Scarborough Railway Station – including its platforms, platform buildings and out-of-room – is of historical significance for its role as a transport hub for the village of Scarborough since 1915, and its historical links to the earlier station locations. Scarborough Railway Station is also of historical significance for its association with the development of Scarborough as a tourist resort since the early 20th century. Scarborough Railway Station is of aesthetic significance as an intact group of railway structures dating from the 1915 duplication of the Illawarra line, which are good representative standard platform buildings of this period.

Scarborough railway station was listed on the New South Wales State Heritage Register on 2 April 1999 having satisfied the following criteria.

The place is important in demonstrating the course, or pattern, of cultural or natural history in New South Wales.

Scarborough Railway Station, relocated in 1915 to its current location, is of historical significance for its role as a transport hub and its association with the development of the village of Scarborough as a tourist resort, as well as demonstrating the duplication of the Illawarra line in 1915.

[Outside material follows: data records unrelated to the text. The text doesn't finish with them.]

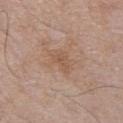The lesion was photographed on a routine skin check and not biopsied; there is no pathology result.
A male subject, aged around 55.
The total-body-photography lesion software estimated a lesion color around L≈55 a*≈18 b*≈29 in CIELAB, roughly 6 lightness units darker than nearby skin, and a normalized border contrast of about 5.
The lesion's longest dimension is about 3.5 mm.
A lesion tile, about 15 mm wide, cut from a 3D total-body photograph.
On the chest.
Captured under white-light illumination.

The place is important in demonstrating aesthetic characteristics and/or a high degree of creative or technical achievement in New South Wales.

Scarborough Railway Station is of major significance as an intact group of railway structures dating from the 1915 duplication of the Illawarra line, which are representative standard platform buildings of this period.

The place has a strong or special association with a particular community or cultural group in New South Wales for social, cultural or spiritual reasons.

The place has the potential to contribute to the local community's sense of place, and can provide a connection to the local community's past.

The place is important in demonstrating the principal characteristics of a class of cultural or natural places/environments in New South Wales.

The 1915 platform buildings and out-of-room at Scarborough Railway Station are good representative examples of railway station buildings of this period, built to standard designs. Scarborough Railway Station is a fine representative railway station with early standard brick island platform buildings. There are 12 stations on the Illawarra line with examples of this type of platform building (other examples at Banksia, Bulli, Carlton, Coledale, Erskineville, Helensburgh, Kiama, Mortdale, Rockdale, Sydenham and Wollongong). The platform building at Scarborough is virtually identical to the platform building at Helensburgh, though the building at Helensburgh is unique in being curved.